Uncle Elias, my father’s elder brother, was not known for his tranquillity, but even his booming voice that has been known to end all argument, and ensure the imposition of his will, refused to break open the silence that followed my words.

I don’t know what I had expected, but I knew I would have preferred if someone, anyone, had screamed disbelief, cussed, shouted, did anything but stare while the silence tried to suffocate me.

I sensed disbelief. I waited. I had little choice.

I shifted my bulk as unease reached down and unhooked my bowels. I cinched my buttocks. Brief relief came from the sense of tense air beating hasty retreat.

I drew my gaze away from my uncle’s forehead and mentally squared my shoulder as I began scanning the faces that housed the five pairs of eyes that stared at me with different levels of incredulity. They were familiar faces; some have hovered in front of my eyes from since I could tell right from left. They belonged to what Pelumi, my wife, called, with derision,”the extended family.”

Uncle Jide, Pelumi’s mother’s younger brother, sat by the large sliding glass window that framed the coloured tile roofs of houses downhill from ours. The scowl on his face told of the storm that raged in his heart. To his left was his oyibo wife Lydia, who, to tell the truth, is the most culturally attuned person in the room. World renowned scholar of pre-colonial West African ethnicities, Lydia came to Nigeria 30 years before to study the marriage cultures of southern Nigerian ethnicities and had fallen in love with pepper soup and—the family gossip insists—the gasp inspiring girth of Uncle Jide’s third leg.

Lydia’s eyes, when they left her husband’s face to hold my eyes, showed the sympathy she had earlier expressed as I ushered her into the house”Sorry you are going through this mess James. Be sure to tell me what I can do to help. Inugo?”

Sitting opposite me, near the dining area, were my elder sister Nneka and Uncle Elias. Uncle Elias flew in from Alaska for the meeting.

My sister refused to meet my eye. I no longer tried to catch hers. Leaving her to her born again indignations was a cultivated habit. I was surprised she came for the meeting at all. The day before, her alincom had informed me that it would no longer transfer calls from me.
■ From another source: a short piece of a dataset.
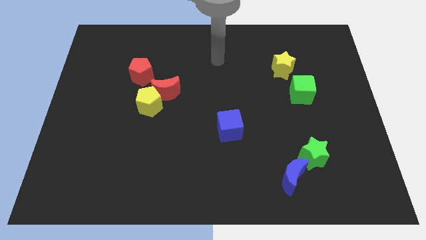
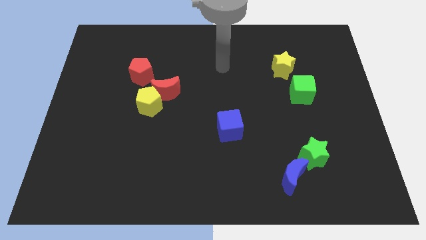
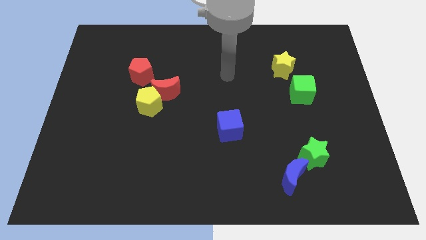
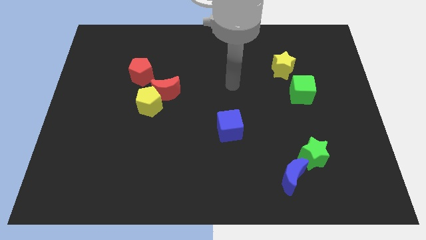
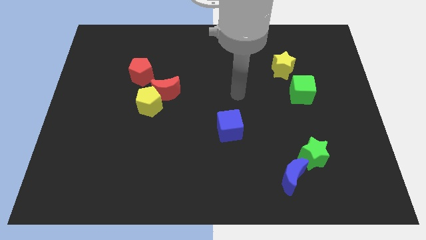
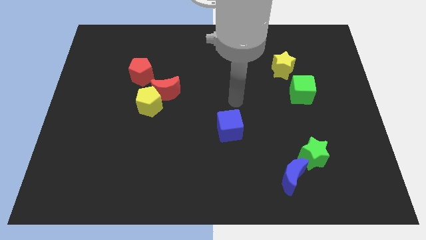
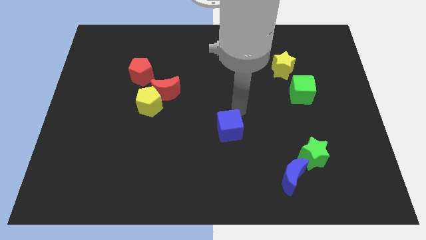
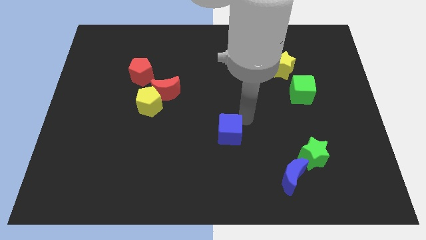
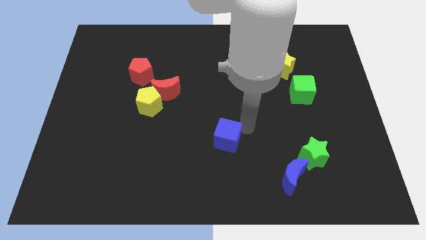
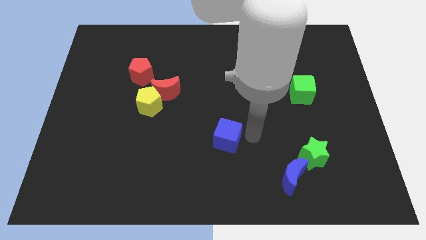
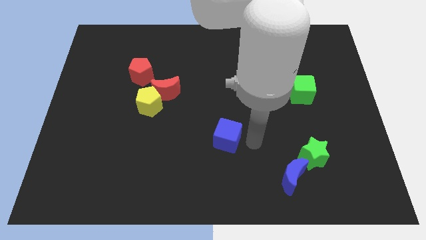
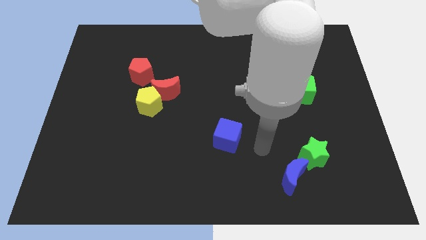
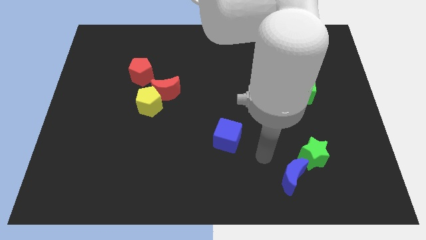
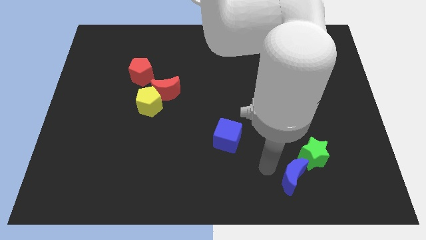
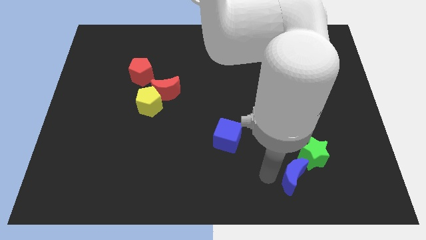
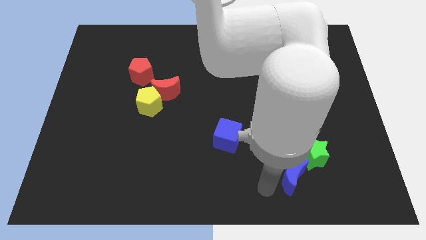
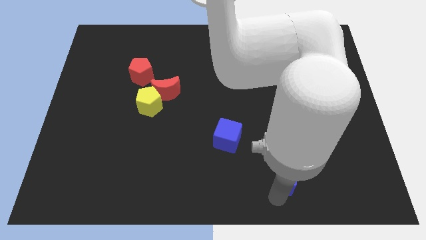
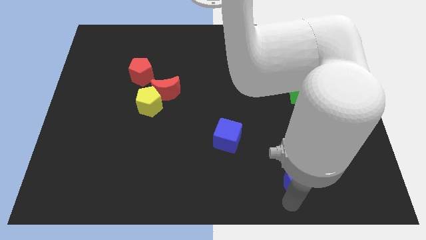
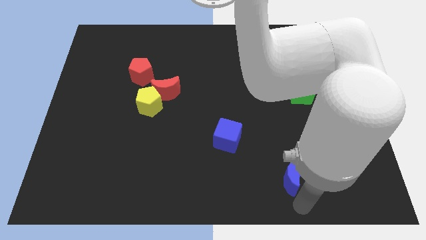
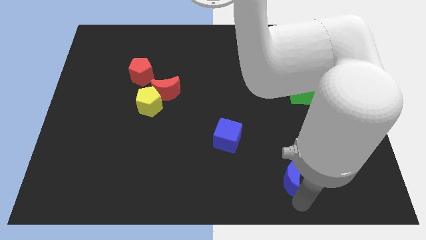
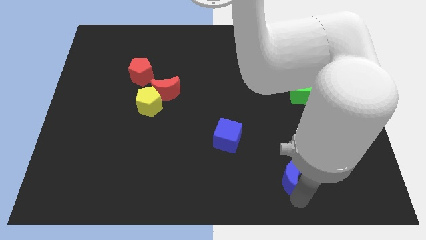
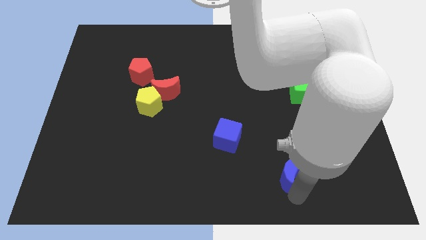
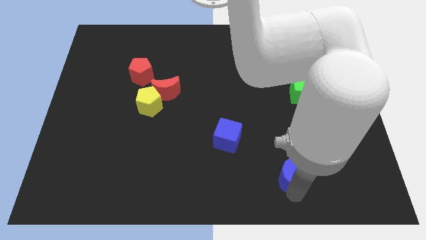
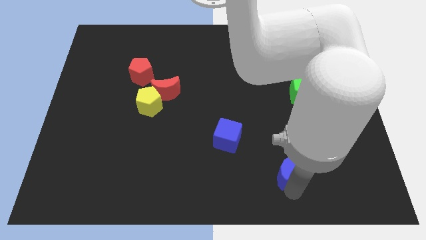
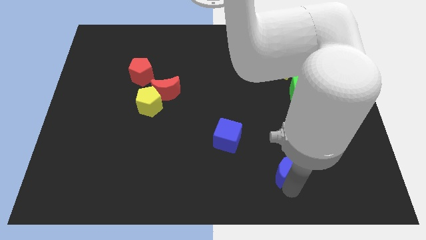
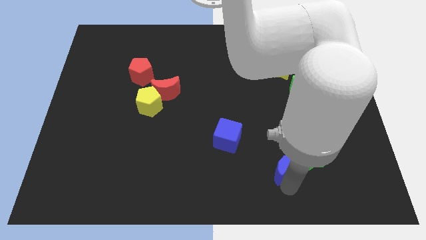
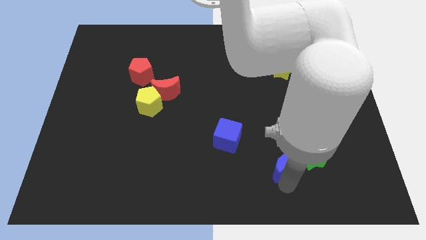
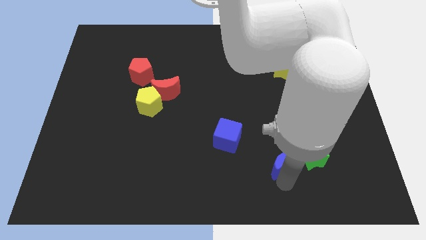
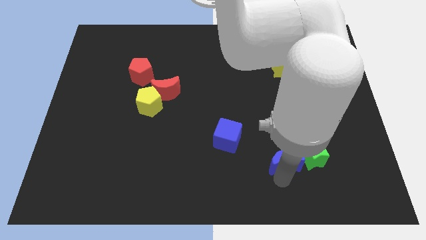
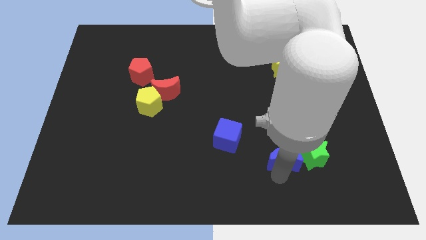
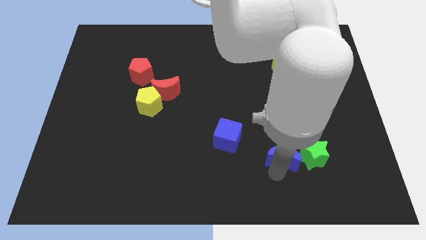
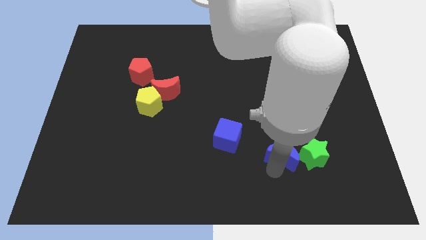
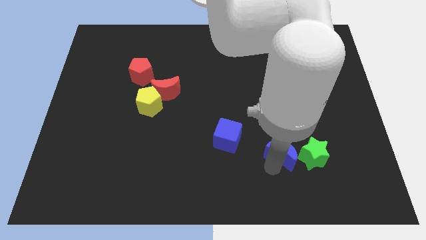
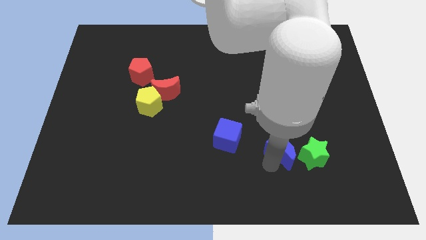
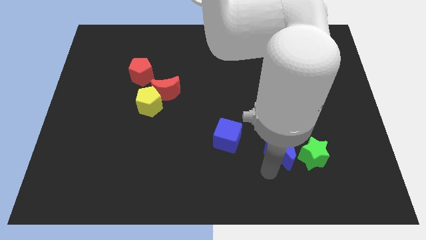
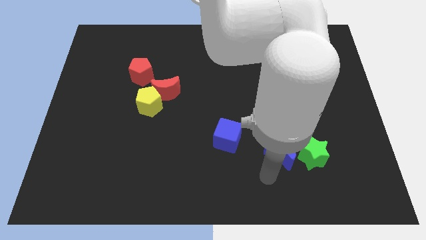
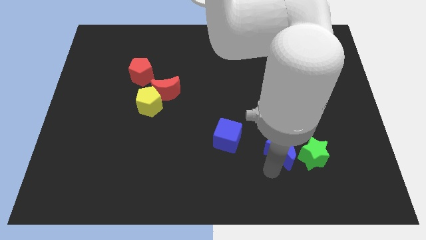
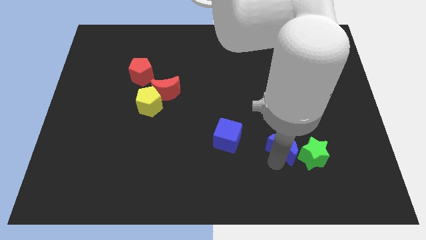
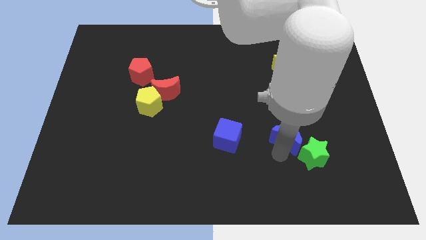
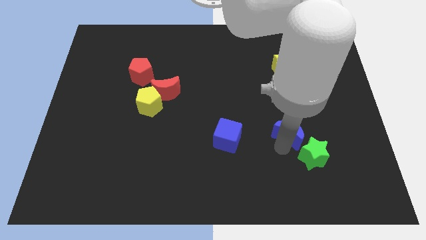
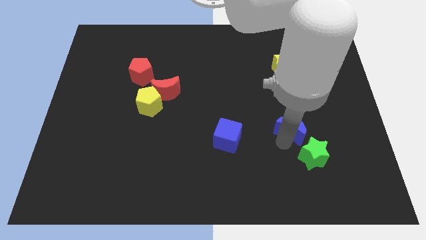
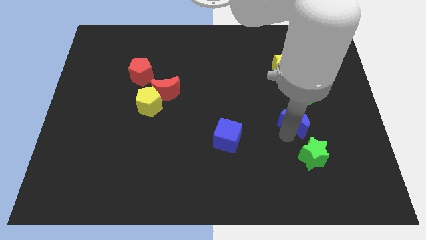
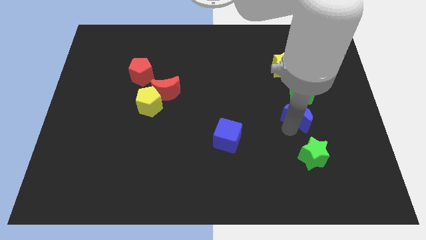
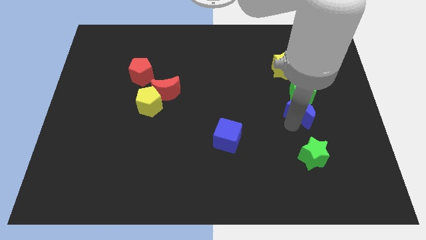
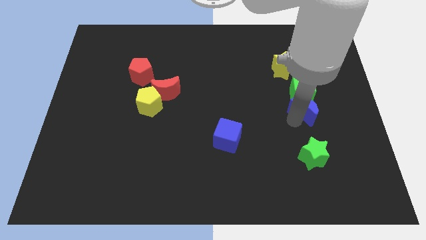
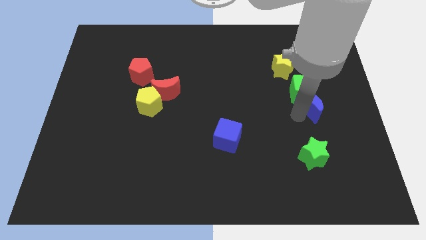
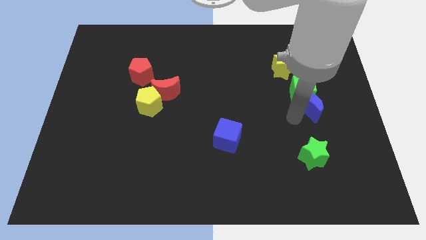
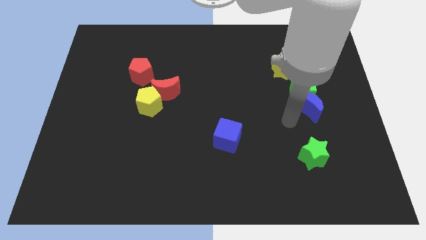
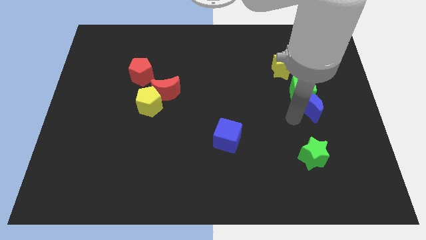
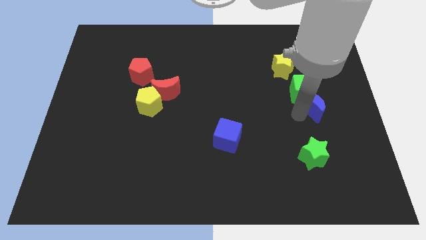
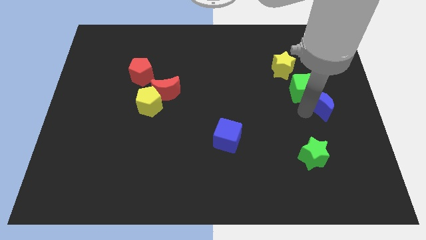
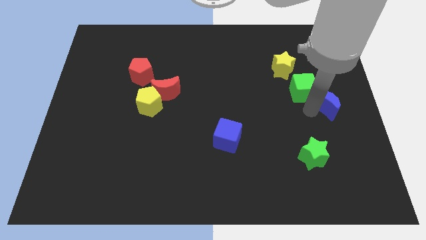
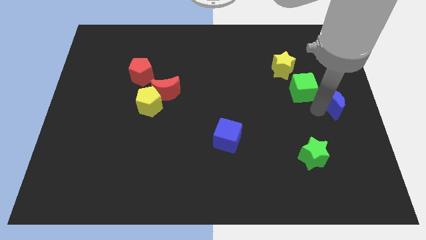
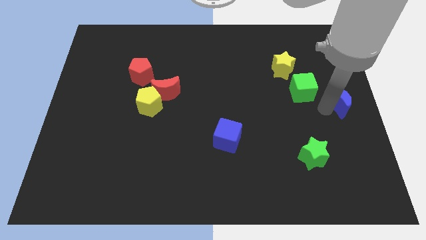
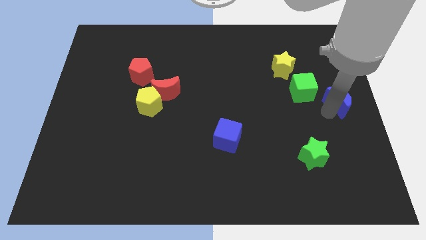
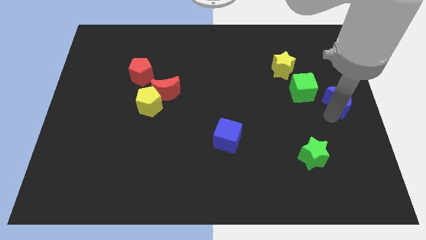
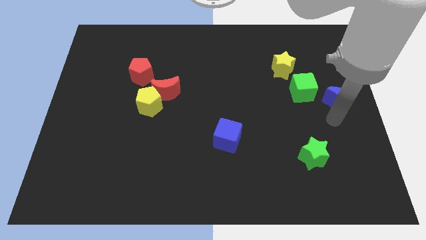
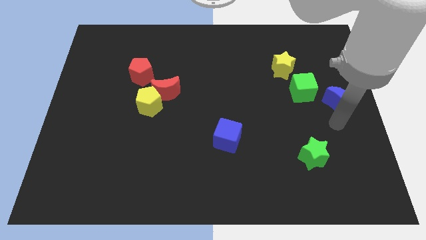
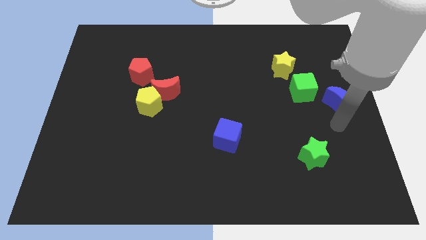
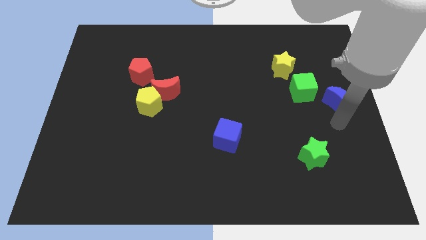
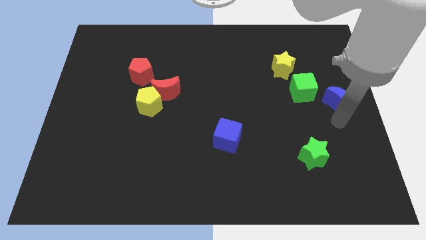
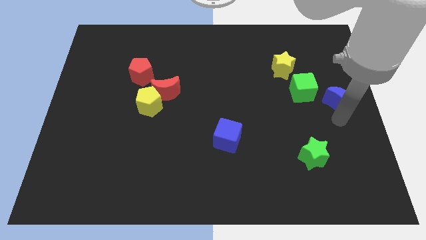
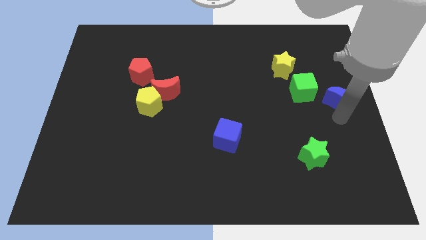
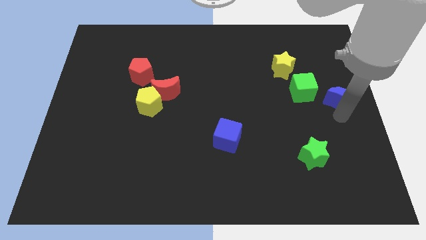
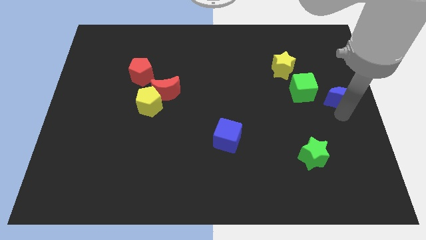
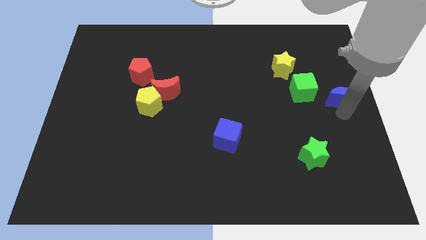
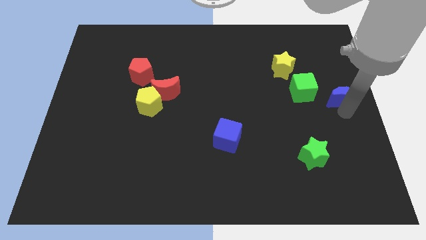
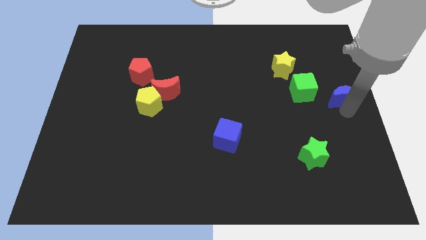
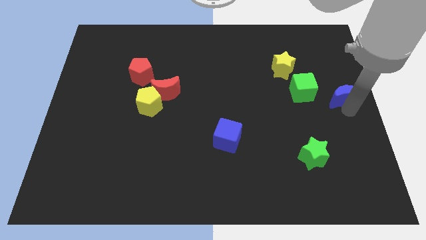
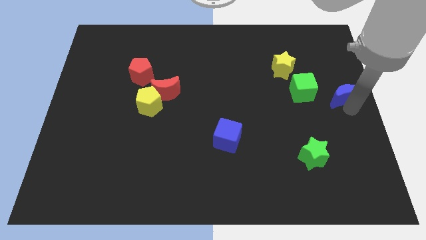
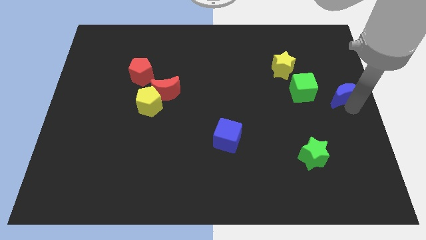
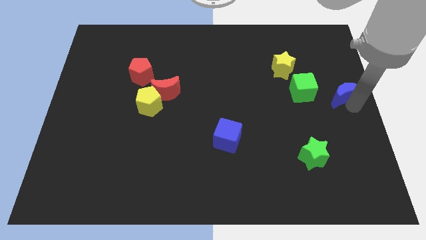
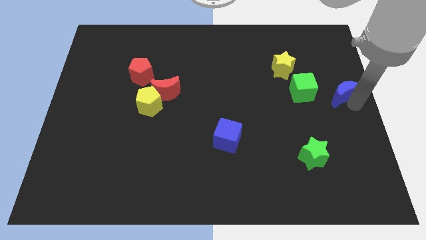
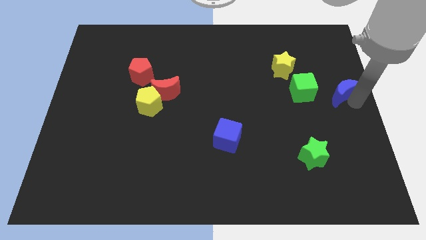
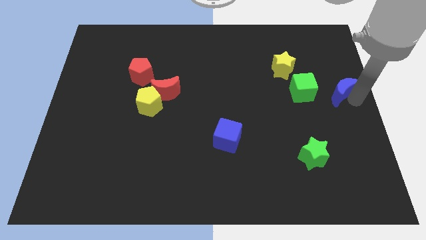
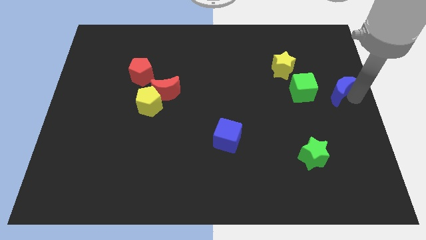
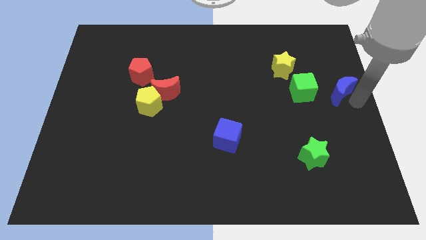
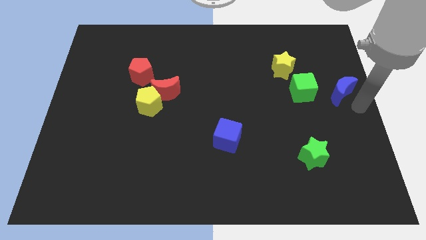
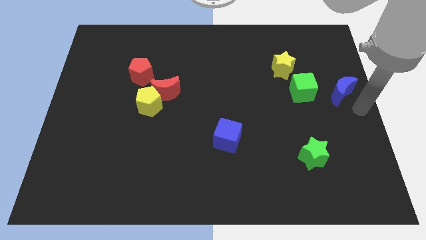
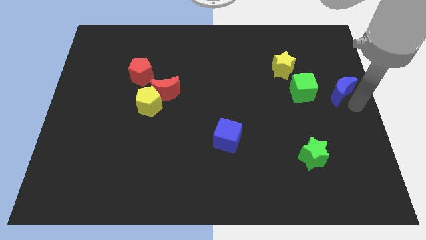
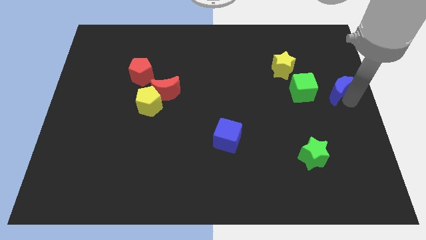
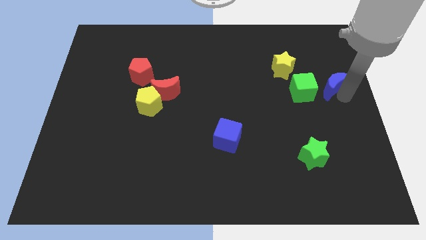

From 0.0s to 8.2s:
push the blue moon to the top right side of the green cube

I had chuckled at the dramatic tone of the electronic voice. You do love me sweet sister, if not, you would just ignore my calls or bar me, instead of going through the trouble of instructing your alincom to give me a message.

My uncle was smiling. His smile was not as broad as it was before I started my tale, but it was there, playing around his lips. I returned his smile and was rewarded with surreptitious thumbs up. I understood the man. Father had died without seeing a grandchild, so the fact of a grandchild existing before his brother died counted as something for Uncle Elias to be happy about.

Two out of five, I thought as I threw my eyes towards the other person in the room. Pelumi was seated, away from everyone else, at the other end of the room. The drawn curtains behind her and the shawl she had thrown over her head hood-like ensured much of her face was hidden in shadow. She had hung her head at an odd angle for a long time and had me wondering if she was not in pain.

My eyes were drawn to her fingers. Restless as always, they were drumming a soundless but steady rhythm on the recycled plastic chair’s arm. A crouching lioness was the sense the image conveyed to me.

Pelumi had not spoken to me since I returned home from Mars two days ago, but I had learned to place hope on the fact that she was yet to ask me to leave the house or allow the kitchen robots do my cooking.

“Eh…James, I don’t get what you are saying,” Uncle Elias said, his gentle voice cleaving apart the silence. As I turned my eyeballs towards him, I thought I heard a collective sigh of relief.

Uncle Jide rolled his big eyes and cut in before I could respond to Uncle Elias, his chubby index finger stabbing the air,”You mean to say you did not know of this boy? You no know when you gi’im mama belle too?” he sounded like he would not believe me even if I answered in the affirmative.

“No sir…I mean yes sir. I did not know about the boy until two months ago. As for the mother, there was no way she would have gotten pregnant. There was no fear of that at all.” I said.

“No way she’d get pregnant abi? But we have a 15 year old boy that tells us there was a way.” My sister pointed out. Sarcasm becomes her, mother used to say.

My uncle let out a loud guffaw and Lydia joined in. Even the stern Jide allowed a smile to touch his lips. Only my sister and Pelumi maintained their poise. I was too troubled to smile. Knowing Nneka, I was sure she never meant her remarks as a joke.

‘Technically, she is not a woman. I…” I began.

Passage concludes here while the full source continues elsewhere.